Bankers are used to being pummeled by new and changed regulations, but many say the atmosphere has changed with passage of the Community Development and Regulatory Improvement Act.

The law, approved by Congress this month and awaiting President Clinton's signature, is the industry's first positive legislation in years.

While many of the regulatory relief measures are small, together they will lift a large burden off the industry. This legislation may represent something even greater: a more positive, and more profitable, future for the banking industry.

"It's the first time in 10 or 15 years when the regulatory pendulum has begun to swing backward," said Kenneth A. Guenther, executive vice president of the Independent Bankers Association of America.

Congress is finally recognizing the industry is overregulated. One of the bill's provisions loosens the legislature's control over regulators, allowing them to issue guidelines instead of rules in areas such as asset quality and stock valuations.

Many bankers saw this amendment to the Federal Deposit Insurance Improvement Act as a payback for the 1991 law and the 1989 Financial Institutions Reform, Recovery, and Enforcement Act, enacted as a result of the savings and loan crisis.

"Congress went overboard in its reaction to S&Ls going under," said Mark McMillian, vice president of Jefferson National Bank, Charlottesville, Va. "Now they've finally seen the error of their ways."

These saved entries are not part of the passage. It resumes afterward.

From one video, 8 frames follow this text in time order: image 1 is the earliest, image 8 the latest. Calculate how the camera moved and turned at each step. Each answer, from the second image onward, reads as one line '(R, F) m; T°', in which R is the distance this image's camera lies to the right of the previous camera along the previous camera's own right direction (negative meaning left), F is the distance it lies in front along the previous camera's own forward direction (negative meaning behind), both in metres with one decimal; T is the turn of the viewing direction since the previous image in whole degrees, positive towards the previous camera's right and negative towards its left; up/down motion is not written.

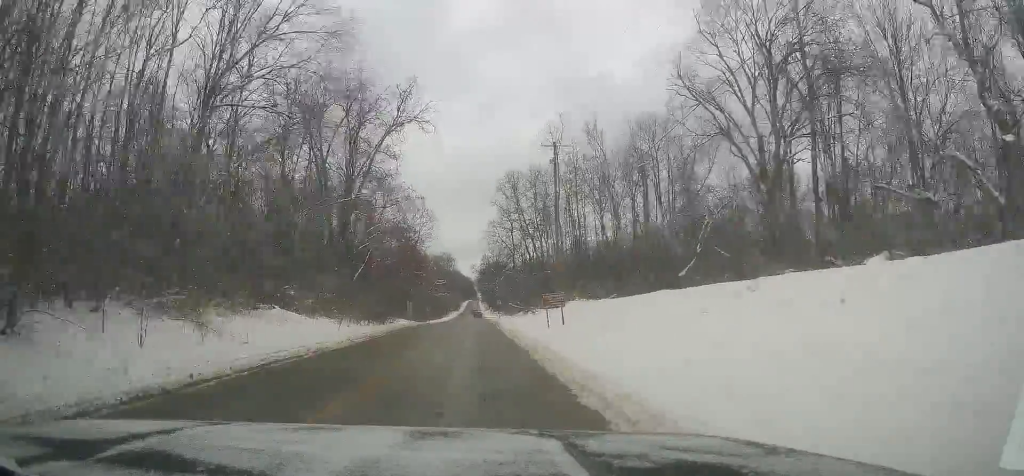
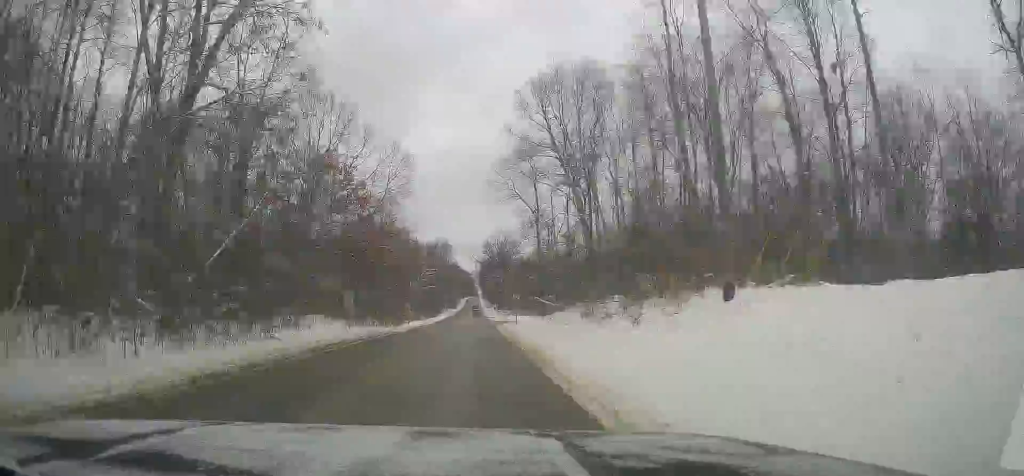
(+0.2, +34.4) m; 0°
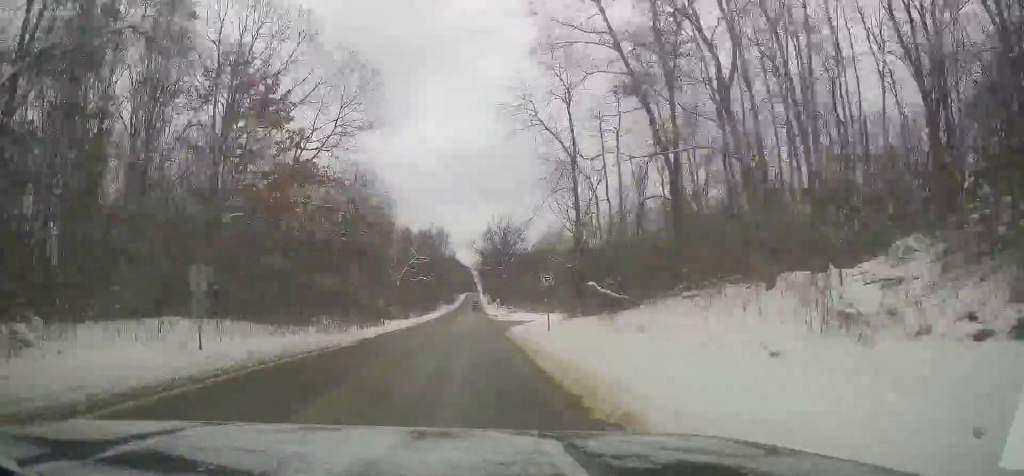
(-0.6, +21.1) m; -1°
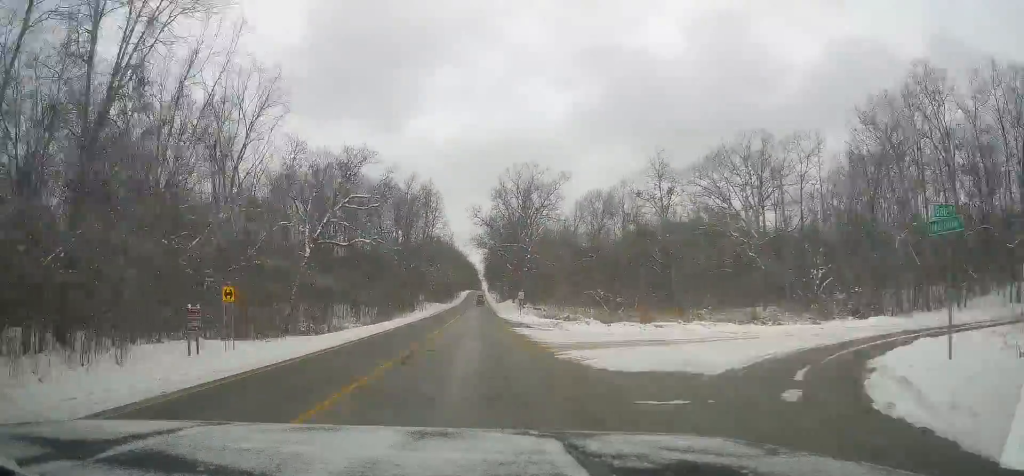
(0.0, +54.7) m; 0°
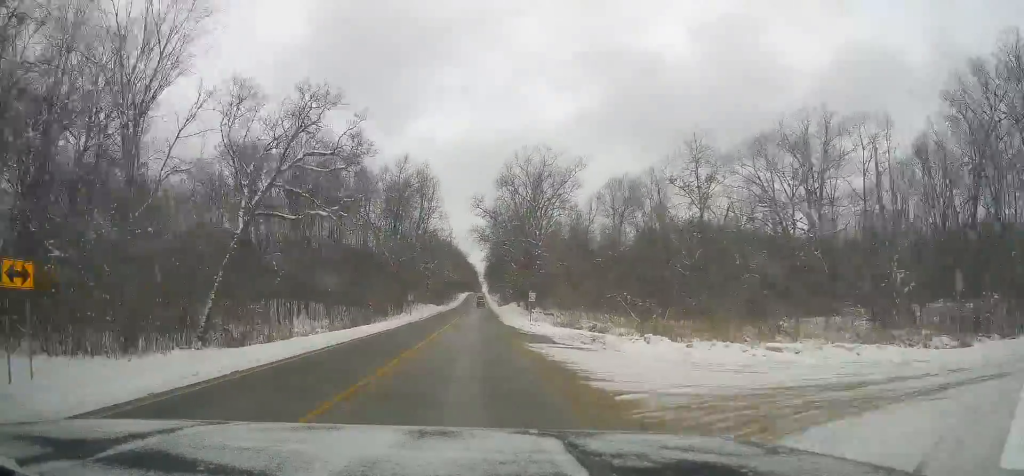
(+0.1, +13.3) m; +1°
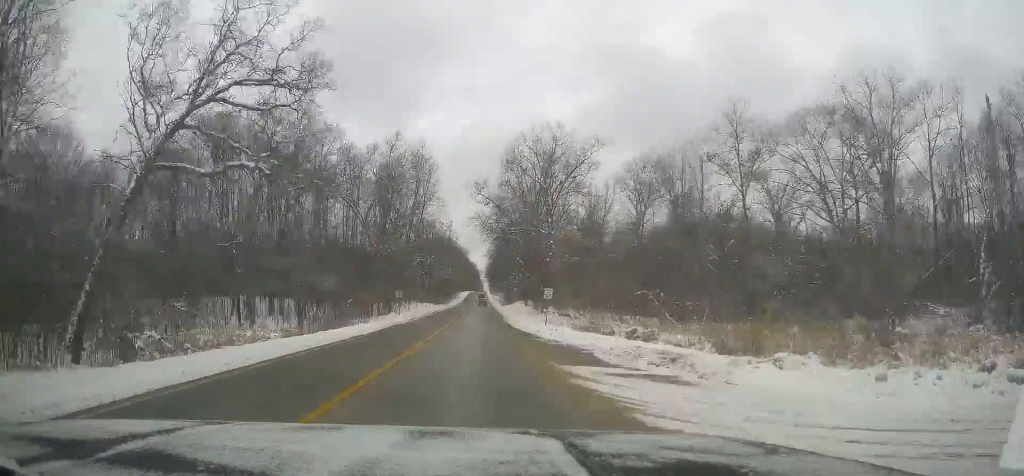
(+0.1, +10.9) m; 0°
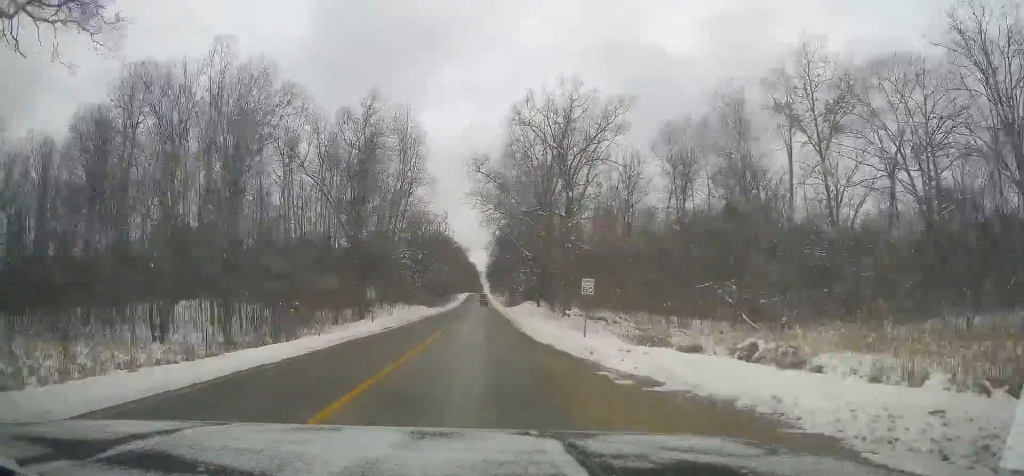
(+0.3, +14.7) m; -1°
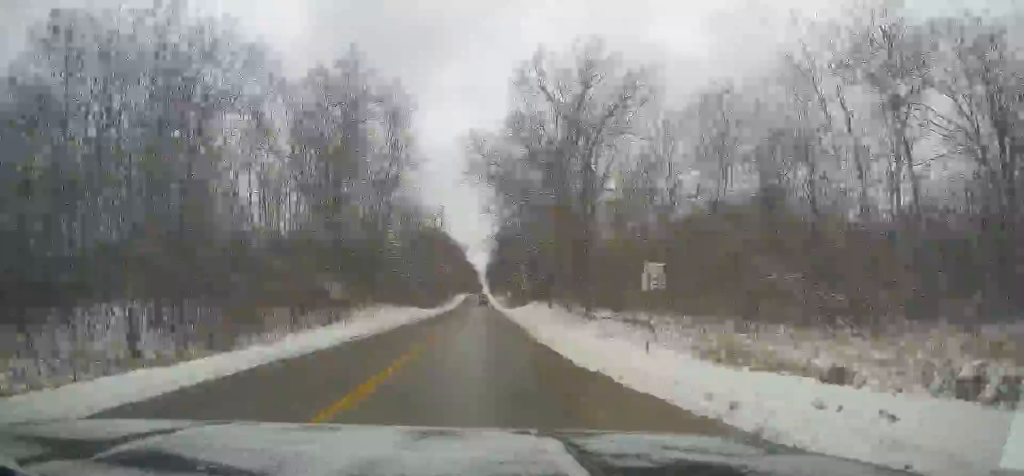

Steven Verdier, a lobbyist for the Savings and Community Bankers of America, concurred. "It sends a signal to regulators that Congress is looking for a way to make life easier rather than more miserable."

This legislation was a major victory for banking trade associations, whose members made regulatory relief their number-one priority. Coupled with the expected passage of interstate branching, this has been a record year for banking legislation.

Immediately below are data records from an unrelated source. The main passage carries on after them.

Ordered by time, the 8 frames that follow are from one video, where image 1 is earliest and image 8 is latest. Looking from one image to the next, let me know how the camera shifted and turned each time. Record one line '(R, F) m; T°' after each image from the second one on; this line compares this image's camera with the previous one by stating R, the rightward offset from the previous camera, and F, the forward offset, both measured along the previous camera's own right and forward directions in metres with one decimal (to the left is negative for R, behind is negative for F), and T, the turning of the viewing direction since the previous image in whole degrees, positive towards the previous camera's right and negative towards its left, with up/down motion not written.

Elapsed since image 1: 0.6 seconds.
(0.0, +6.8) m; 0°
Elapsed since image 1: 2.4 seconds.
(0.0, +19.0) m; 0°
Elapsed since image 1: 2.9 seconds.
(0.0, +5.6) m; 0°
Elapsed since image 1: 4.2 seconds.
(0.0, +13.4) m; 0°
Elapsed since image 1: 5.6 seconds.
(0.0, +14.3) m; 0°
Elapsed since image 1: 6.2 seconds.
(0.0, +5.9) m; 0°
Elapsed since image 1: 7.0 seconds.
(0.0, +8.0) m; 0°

Industry members hold different views on which provisions of the community development bill will be most important to banks. "There's no one magic bullet in this bill," said Edward Yingling, the American Bankers Association's chief lobbyist. "It's a combination of a lot of things."

Under the new law, Camel 1 institutions with less than $250 million and Camel 2 banks with less than $100 million will be examined every 18 months instead of annually. According to the ABA, 9,000 banks would qualify for this more lenient treatment.

The agencies also are required to better coordinate their exams and decide within two years which agency will take the lead in the exam process. Also within two years, the agencies must review and eliminate outmoded regulations and policies.

What many consider the most immediately gratifying part of the bill is a streamlining of currency transaction reports.

The General Accounting Office told the Senate Banking Committee in March that a third of the 42 million currency reports financial institutions filed over the next three years will be useless because they will cover routine deposits by established businesses.

Under the law, the Treasury Department is required to exempt banks from filing reports on certain institutions, including wellknown businesses. The Treasury Department is expected to draft a list telling banks which customers are exempt.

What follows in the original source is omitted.